Introducing the brain: astrocyte speed control (Introduction)

by David Turell , Friday, October 15, 2021, 14:54 (1133 days ago) @ David Turell

Astrocytes influence axon speed controls:

https://www.science.org/doi/10.1126/science.abh2858

"Glia control white matter information flow
The myelinated axons of the white matter mediate rapid information transmission between the brain’s processing nodes. Axonal excitability and conduction speed are key determinants of neural circuit function, but it is largely unknown how they are regulated. Lezmy et al. examined the effects of adenosine on the functional properties of myelinated axons. They observed activity-dependent calcium rise in astrocyte processes, calcium-triggered ATP release from astrocytes, activation of adenosine receptors in the axon initial segment and the nodes of Ranvier, increased cyclic AMP concentration, activation of HCN2 channels, and depolarization of axons by 5 to 10 millivolts. This molecular pathway enabled astrocytes to increase the excitability of pyramidal neurons and to profoundly decrease the axonal conduction velocity. Astrocytes thus control signaling speed in myelinated axons. "

"RESULTS
Astrocytes closely approach the axons of myelinated neurons in layer V of the cerebral cortex that enter the corpus callosum. Uncaging Ca2+ within astrocytes or stimulating spike trains in neurons evoked a rise of astrocyte [Ca2+]i that triggered the release of ATP-containing vesicles from these cells. This evoked an inward current in the AIS and nodes of Ranvier of the pyramidal neurons. Pharmacology showed that this was mediated by the activation of Gs-linked adenosine A2a receptors (A2aRs), implying that the released ATP was converted to adenosine by extracellular enzymes. The A2aRs raise the intracellular concentration of cyclic AMP, which activates hyperpolarization-activated cyclic nucleotide–gated (HCN) channels mediating the inward hyperpolarization-activated current (Ih) and thus depolarizes the cell.
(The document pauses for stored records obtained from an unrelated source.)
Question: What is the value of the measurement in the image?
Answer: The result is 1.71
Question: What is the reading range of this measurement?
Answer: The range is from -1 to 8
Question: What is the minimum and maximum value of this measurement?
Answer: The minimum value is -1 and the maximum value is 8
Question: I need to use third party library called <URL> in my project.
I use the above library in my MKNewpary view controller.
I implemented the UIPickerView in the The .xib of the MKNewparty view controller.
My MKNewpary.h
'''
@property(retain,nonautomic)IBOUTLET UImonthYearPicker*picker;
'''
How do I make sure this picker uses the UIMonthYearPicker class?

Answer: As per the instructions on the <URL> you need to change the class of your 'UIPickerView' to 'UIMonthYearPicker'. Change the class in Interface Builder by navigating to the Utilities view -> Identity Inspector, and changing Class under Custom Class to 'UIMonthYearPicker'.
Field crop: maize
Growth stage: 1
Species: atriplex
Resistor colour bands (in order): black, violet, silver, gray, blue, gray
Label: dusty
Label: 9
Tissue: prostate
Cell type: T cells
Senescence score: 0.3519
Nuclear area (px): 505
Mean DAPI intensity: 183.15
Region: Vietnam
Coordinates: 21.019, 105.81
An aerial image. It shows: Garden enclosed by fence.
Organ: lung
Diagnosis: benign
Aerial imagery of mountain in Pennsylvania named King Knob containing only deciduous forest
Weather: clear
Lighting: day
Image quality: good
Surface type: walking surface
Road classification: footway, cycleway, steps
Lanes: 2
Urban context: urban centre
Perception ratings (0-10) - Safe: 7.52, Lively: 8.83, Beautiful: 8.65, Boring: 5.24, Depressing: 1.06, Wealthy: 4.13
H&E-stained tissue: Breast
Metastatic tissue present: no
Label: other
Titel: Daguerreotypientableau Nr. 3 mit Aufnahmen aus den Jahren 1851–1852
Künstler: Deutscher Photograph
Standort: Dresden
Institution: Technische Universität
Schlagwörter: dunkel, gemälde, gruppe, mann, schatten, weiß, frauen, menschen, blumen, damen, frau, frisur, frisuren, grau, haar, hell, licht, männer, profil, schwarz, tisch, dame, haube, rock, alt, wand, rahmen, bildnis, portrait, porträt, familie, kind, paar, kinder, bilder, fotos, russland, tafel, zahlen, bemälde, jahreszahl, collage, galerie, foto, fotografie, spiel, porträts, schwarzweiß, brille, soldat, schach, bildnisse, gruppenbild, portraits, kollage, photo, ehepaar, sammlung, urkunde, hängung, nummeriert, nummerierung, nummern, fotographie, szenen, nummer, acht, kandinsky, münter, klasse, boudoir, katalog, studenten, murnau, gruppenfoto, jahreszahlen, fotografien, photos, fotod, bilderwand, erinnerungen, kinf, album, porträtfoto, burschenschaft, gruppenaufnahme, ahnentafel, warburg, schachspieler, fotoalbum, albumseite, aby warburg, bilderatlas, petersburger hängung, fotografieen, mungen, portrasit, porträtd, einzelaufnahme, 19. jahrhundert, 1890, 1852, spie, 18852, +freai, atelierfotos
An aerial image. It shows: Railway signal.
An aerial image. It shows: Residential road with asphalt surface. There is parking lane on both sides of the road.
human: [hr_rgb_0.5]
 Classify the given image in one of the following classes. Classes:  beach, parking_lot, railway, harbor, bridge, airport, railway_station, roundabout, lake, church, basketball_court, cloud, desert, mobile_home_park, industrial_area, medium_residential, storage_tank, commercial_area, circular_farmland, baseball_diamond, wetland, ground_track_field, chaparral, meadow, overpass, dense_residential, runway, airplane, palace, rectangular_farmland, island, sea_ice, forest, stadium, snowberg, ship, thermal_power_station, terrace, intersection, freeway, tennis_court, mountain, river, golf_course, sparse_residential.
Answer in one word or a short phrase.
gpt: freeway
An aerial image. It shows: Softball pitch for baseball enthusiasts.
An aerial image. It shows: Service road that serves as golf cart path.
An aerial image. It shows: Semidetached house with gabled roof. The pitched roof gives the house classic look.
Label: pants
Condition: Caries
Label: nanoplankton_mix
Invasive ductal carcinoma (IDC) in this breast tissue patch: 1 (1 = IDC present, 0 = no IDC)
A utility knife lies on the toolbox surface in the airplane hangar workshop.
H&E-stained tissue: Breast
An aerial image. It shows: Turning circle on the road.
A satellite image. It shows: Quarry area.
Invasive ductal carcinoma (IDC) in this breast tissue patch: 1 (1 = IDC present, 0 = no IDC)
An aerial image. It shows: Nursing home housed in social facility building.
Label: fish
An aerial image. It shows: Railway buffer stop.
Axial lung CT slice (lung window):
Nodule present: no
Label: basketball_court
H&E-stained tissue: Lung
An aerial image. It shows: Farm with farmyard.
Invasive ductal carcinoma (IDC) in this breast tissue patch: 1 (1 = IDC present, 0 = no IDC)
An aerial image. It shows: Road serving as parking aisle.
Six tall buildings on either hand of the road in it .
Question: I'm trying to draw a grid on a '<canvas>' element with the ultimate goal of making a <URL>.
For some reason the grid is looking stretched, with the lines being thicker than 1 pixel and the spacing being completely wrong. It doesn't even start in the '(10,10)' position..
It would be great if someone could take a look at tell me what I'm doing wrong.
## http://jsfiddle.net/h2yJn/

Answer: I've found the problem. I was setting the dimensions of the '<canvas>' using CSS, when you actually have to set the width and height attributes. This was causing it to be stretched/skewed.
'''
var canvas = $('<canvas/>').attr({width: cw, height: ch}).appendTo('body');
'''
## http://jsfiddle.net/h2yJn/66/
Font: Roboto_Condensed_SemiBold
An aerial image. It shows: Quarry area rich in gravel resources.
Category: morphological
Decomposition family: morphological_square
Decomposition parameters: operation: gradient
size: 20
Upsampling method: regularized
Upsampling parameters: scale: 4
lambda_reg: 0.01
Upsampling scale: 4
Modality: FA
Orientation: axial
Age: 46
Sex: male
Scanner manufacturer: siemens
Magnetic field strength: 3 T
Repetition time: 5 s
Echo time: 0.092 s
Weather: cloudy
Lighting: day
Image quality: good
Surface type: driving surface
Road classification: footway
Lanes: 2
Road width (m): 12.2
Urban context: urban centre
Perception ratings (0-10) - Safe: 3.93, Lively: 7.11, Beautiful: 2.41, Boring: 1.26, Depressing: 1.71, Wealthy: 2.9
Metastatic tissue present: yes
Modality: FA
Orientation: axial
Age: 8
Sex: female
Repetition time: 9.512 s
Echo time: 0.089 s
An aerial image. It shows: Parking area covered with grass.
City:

In the AIS, the activation of A2aRs alters excitability and hence action potential generation, whereas in the nodes of Ranvier, it decreases the conduction speed of the action potential along the axon.

"CONCLUSION
As in the gray matter, astrocyte [Ca2+]i regulates the release of ATP into the extracellular space in the white matter. After conversion to adenosine, this regulates the excitability and conduction speed of myelinated axons. The changes in excitability at the AIS will lead to changes in the relationship between the synaptic input and action potential output of the cell. The altered conduction speed of the myelinated axon may change neural circuit function by changing the action potential arrival time at the cell’s output synapses, thus altering the integration of signals in postsynaptic neurons. Variations in astrocyte-derived adenosine level can occur between wake and sleep states, and the extracellular adenosine concentration rises during energy deprivation conditions. These changes in adenosine level could thus control white matter information flow and neural circuit function."

Comment: this tells us how astrocytes do their work but not how adenosine lev els are ultimately regulated. Doing this type of research never ends as the designed fine controls are seemingly endless.